# [The task]
Would you please transcribe the data in full and exactly, excluding images?

# [Extracted material]
****************

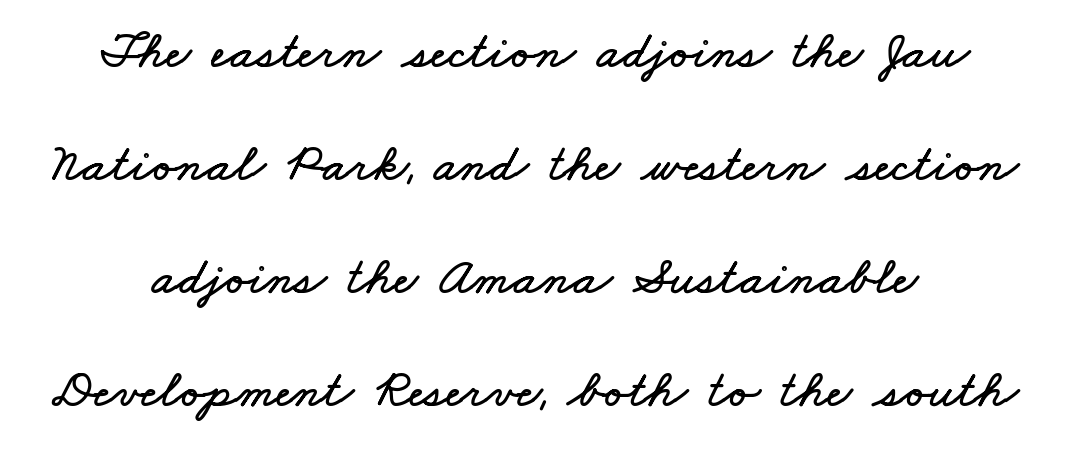
{"width": "wide", "stroke_contrast": "low", "x_height": "small", "monospaced": "no", "underline": "no", "align": "center", "line_spacing": "loose", "line_spacing_ratio": 2.13, "letter_spacing": "normal", "letter_spacing_em": 0.0, "glyph_px": 53}
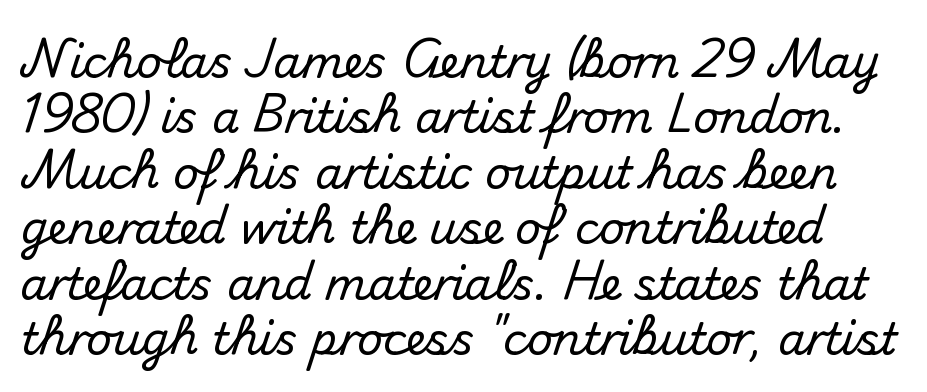
This sample uses a sans-serif face. Glyph-to-glyph distance matches everyday printed text. Line spacing here is normal. The letters advance in unequal steps, a hallmark of proportional type. Has an underline been added? It has not.
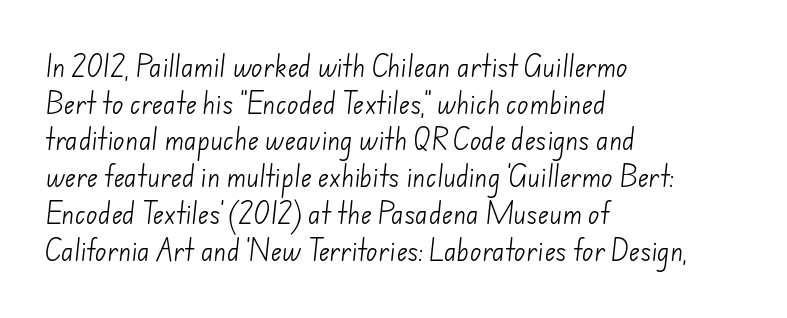
Spacing between characters is what you'd get straight out of the box. Where is the straight margin? On the left. These glyphs show unthickened strokes, regular width or finer. The rendering uses a moderate line-height, typical for paragraphs. The glyphs are unaccompanied by any horizontal stroke below them.
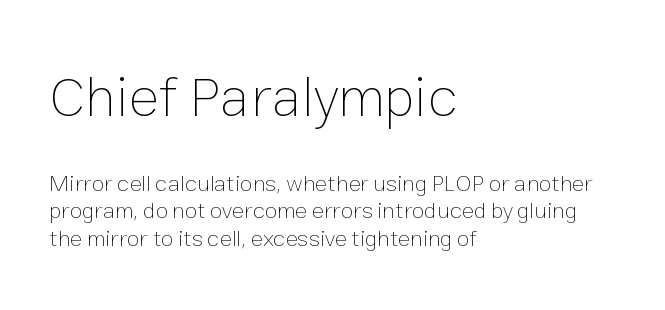
Each word holds together tightly as a unit, with standard inter-letter gaps. Weight class: somewhere from thin through regular. Spacing verdict: proportional, widths tailored to each character. The axis of the letterforms is exactly vertical. The paragraph has a hard left edge and a soft right edge.
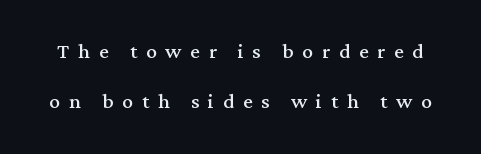
The image shows 27 px text type, upright; set line spacing 1.85x, unusually wide letter spacing (+0.32 em), not underlined.
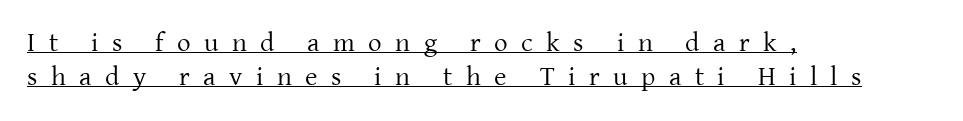
{"italic": "no", "bold": "no", "underline": "yes", "align": "left", "line_spacing": "normal", "line_spacing_ratio": 1.27, "letter_spacing": "wide", "letter_spacing_em": 0.5, "glyph_px": 27}
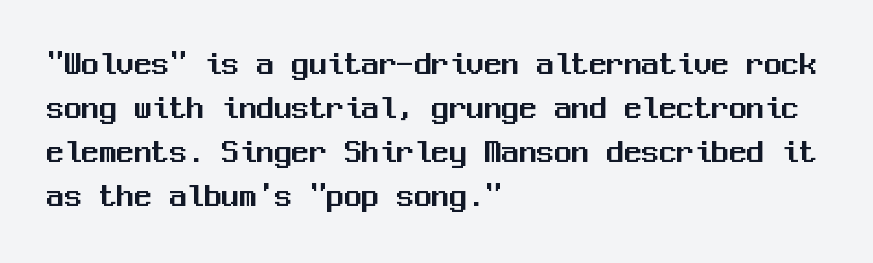
The image shows 35 px sans-serif type, upright, monospaced; set left-aligned, normal line spacing (1.26x), normal letter spacing, not underlined; medium stroke contrast and a medium x-height.
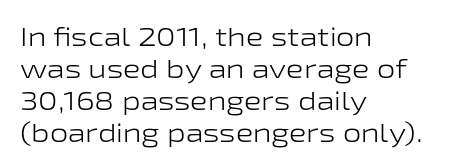
The image shows 26 px text type, upright; set left-aligned, line spacing 1.23x, normal letter spacing, not underlined.
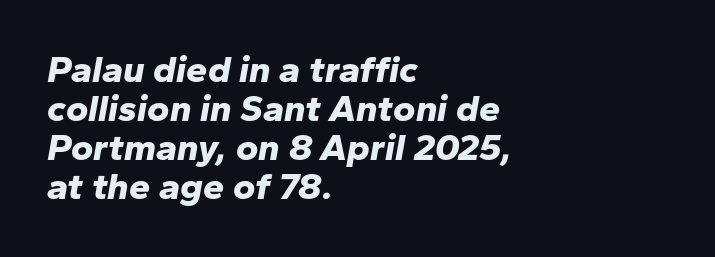
These lines stack with their left ends in a neat column. Descenders hang freely into open space. Nothing unusual about the tracking: characters are spaced as the font intends. You'd pick this weight for a headline — it's a proper bold.
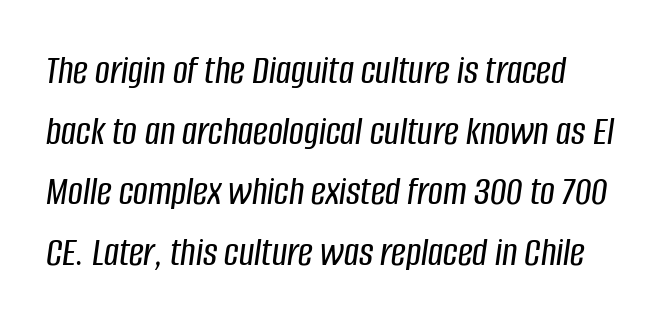
{"italic": "yes", "lean": "right", "slant_degrees": 8, "width": "condensed", "stroke_contrast": "low", "x_height": "large", "monospaced": "no", "underline": "no", "line_spacing": "normal", "line_spacing_ratio": 1.48, "letter_spacing": "normal", "letter_spacing_em": 0.0, "glyph_px": 41}
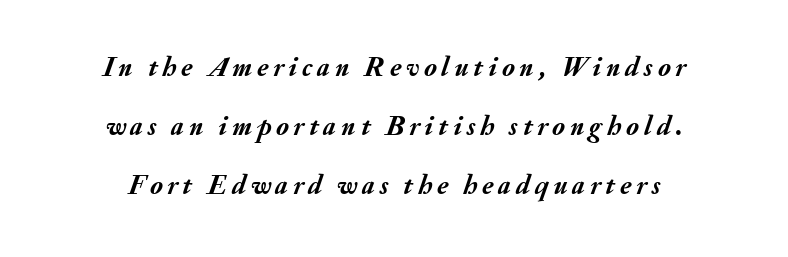
Q: Is the text bold? A: Yes.
Q: Is the text italic (slanted)? A: Yes, it leans right by about 20 degrees.
Q: Is the text underlined? A: No.
Q: Is the spacing between lines tight, normal or loose? A: Loose.
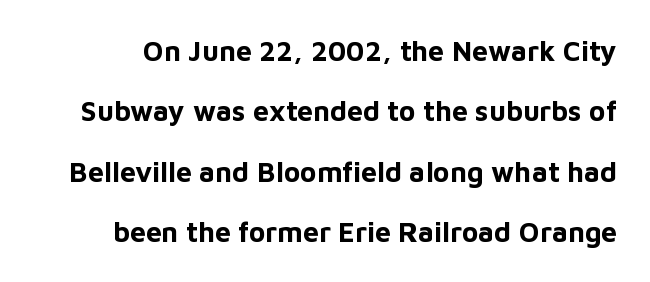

****************

# [Reply to the exercise]
{"width": "wide", "stroke_contrast": "low", "x_height": "small", "monospaced": "no", "underline": "no", "align": "center", "line_spacing": "loose", "line_spacing_ratio": 2.13, "letter_spacing": "normal", "letter_spacing_em": 0.0, "glyph_px": 53}
This sample uses a sans-serif face. Glyph-to-glyph distance matches everyday printed text. Line spacing here is normal. The letters advance in unequal steps, a hallmark of proportional type. Has an underline been added? It has not.
Spacing between characters is what you'd get straight out of the box. Where is the straight margin? On the left. These glyphs show unthickened strokes, regular width or finer. The rendering uses a moderate line-height, typical for paragraphs. The glyphs are unaccompanied by any horizontal stroke below them.
Each word holds together tightly as a unit, with standard inter-letter gaps. Weight class: somewhere from thin through regular. Spacing verdict: proportional, widths tailored to each character. The axis of the letterforms is exactly vertical. The paragraph has a hard left edge and a soft right edge.
The image shows 27 px text type, upright; set line spacing 1.85x, unusually wide letter spacing (+0.32 em), not underlined.
{"italic": "no", "bold": "no", "underline": "yes", "align": "left", "line_spacing": "normal", "line_spacing_ratio": 1.27, "letter_spacing": "wide", "letter_spacing_em": 0.5, "glyph_px": 27}
The image shows 35 px sans-serif type, upright, monospaced; set left-aligned, normal line spacing (1.26x), normal letter spacing, not underlined; medium stroke contrast and a medium x-height.
The image shows 26 px text type, upright; set left-aligned, line spacing 1.23x, normal letter spacing, not underlined.
These lines stack with their left ends in a neat column. Descenders hang freely into open space. Nothing unusual about the tracking: characters are spaced as the font intends. You'd pick this weight for a headline — it's a proper bold.
{"italic": "yes", "lean": "right", "slant_degrees": 8, "width": "condensed", "stroke_contrast": "low", "x_height": "large", "monospaced": "no", "underline": "no", "line_spacing": "normal", "line_spacing_ratio": 1.48, "letter_spacing": "normal", "letter_spacing_em": 0.0, "glyph_px": 41}
Q: Is the text bold? A: Yes.
Q: Is the text italic (slanted)? A: Yes, it leans right by about 20 degrees.
Q: Is the text underlined? A: No.
Q: Is the spacing between lines tight, normal or loose? A: Loose.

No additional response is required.